O advogado mencionado no título dispensa apresentações. É o maior jurista brasileiro vivo, tendo escrito diversos livros consagrados e participado ativamente da vida política brasileira no século XX. Hoje com noventa anos e um corpo envelhecido, tem uma atividade jurídica de dar inveja aos advogados jovens. Comenta diariamente decisões em sua rede social no Instagram e atrai a audiência de milhares de profissionais da área e gente que se interessa pelo tão maltratado direito pátrio.

Pois que, a fortuna do país que tanto ama, e a instituição que ajudou a construir, lhe impuseram um processo interno. Bem, a Ordem dos Advogados do Brasil, instituição da qual faço parte, já não é mais a mesma há algum tempo. Antes combativa contra o autoritarismo, hoje não raro o chancela. O procedimento que busca puni-lo foi aberto a pedido, principalmente, da Associação Brasileira de Imprensa, a ABI. Essa é minha tristeza maior e motivo de vergonha, pois um dos seus fundadores foi o deputado maranhense Dunshee de Abranches, um aguerrido republicano do começo dos anos mil e novecentos e que sempre utilizo em minhas pesquisas sobre história do direito e da política. Deve estar se revirando no túmulo agora. Rezarei por sua alma hoje!

Mas, qual o fundamento do infeliz processo? O “crime de hermenêutica”. A expressão foi cunhada por ninguém menos que Ruy Barbosa, com o propósito de repudiar juízes que imputavam penas aos juristas que faziam nada mais que mera interpretação da lei. Não minto. É exatamente essa a acusação que pesa contra o doutor Ives Gandra: a interpretação que fez do artigo 142 da Constituição, segundo sua leitura, teria institucionalizado o Poder Moderador a partir do elemento militar.

Data venia, discordo da opinião do eminente jurista e meu prefaciador. Contudo, o faço dentro do debate intelectual. Jamais tal coisa justificaria um processo. O ex-ministro da corte suprema, Marco Aurélio Mello, há de concordar comigo: não estamos mais, no seu dizer, em “tempos estranhos”, e sim em “tempos muito, muito estranhos”, onde até Ruy Barbosa foi descartado…

Por falar em STF, o ministro Alexandre de Moraes, sempre tratado com muita urbanidade quando referido pelo doutor Ives Gandra, não o respondeu com a mesma cortesia. Ao contrário, disparou contra ele uma indireta: “É sempre bom repetir: o artigo 142 não tem absolutamente nada a ver com o poder moderador, e os juristas que assim escrevem não são juristas, são golpistas”. Engraçado, porque o ministro Dias Toffoli tem uma tese sobre o Supremo ser o Poder Moderador e não lembro do seu colega de toga tê-lo chamado de golpista.

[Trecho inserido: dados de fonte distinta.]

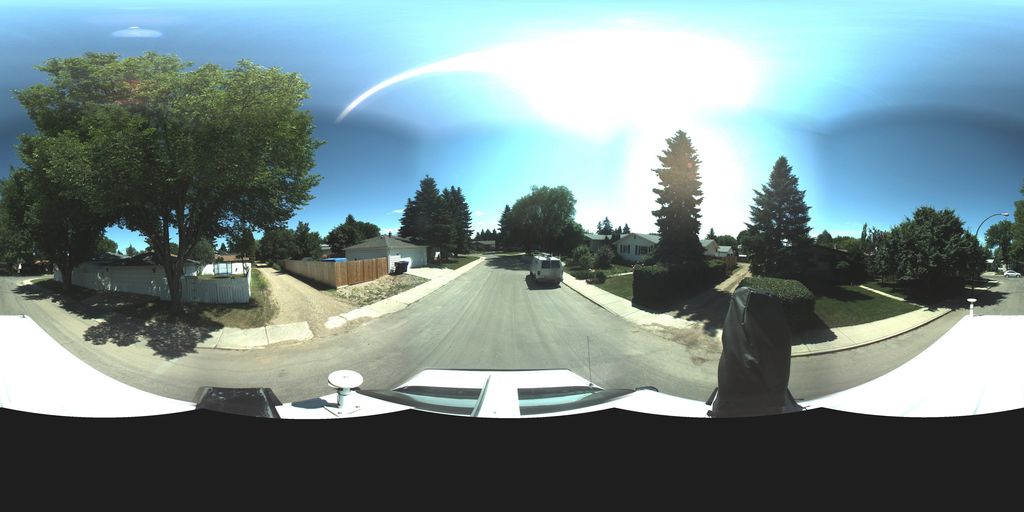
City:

Em meu livro “Princípios de Direito e Política da Monarquia”, editado pela prestigiosa Resistência Cultural (pode ser adquirido nas plataformas digitais) eu comento como, desde a deposição de D. Pedro II, que o Poder Moderador é disputado pelo Executivo, pelo STF e pelas forças armadas. Trata-se de um debate da república brasileira, que inclusive foi recentemente pronunciado pelo tribunal que deveria guardar a Constituição e seus valores.

Por fim, quero afirmar, categoricamente, que não se pode achar que hermenêutica jurídica é golpe de estado. A se entender pelo contrário, o próprio Ruy Barbosa correria, hoje, risco de prisão. Que tempos muito estranhos esses que atravessamos!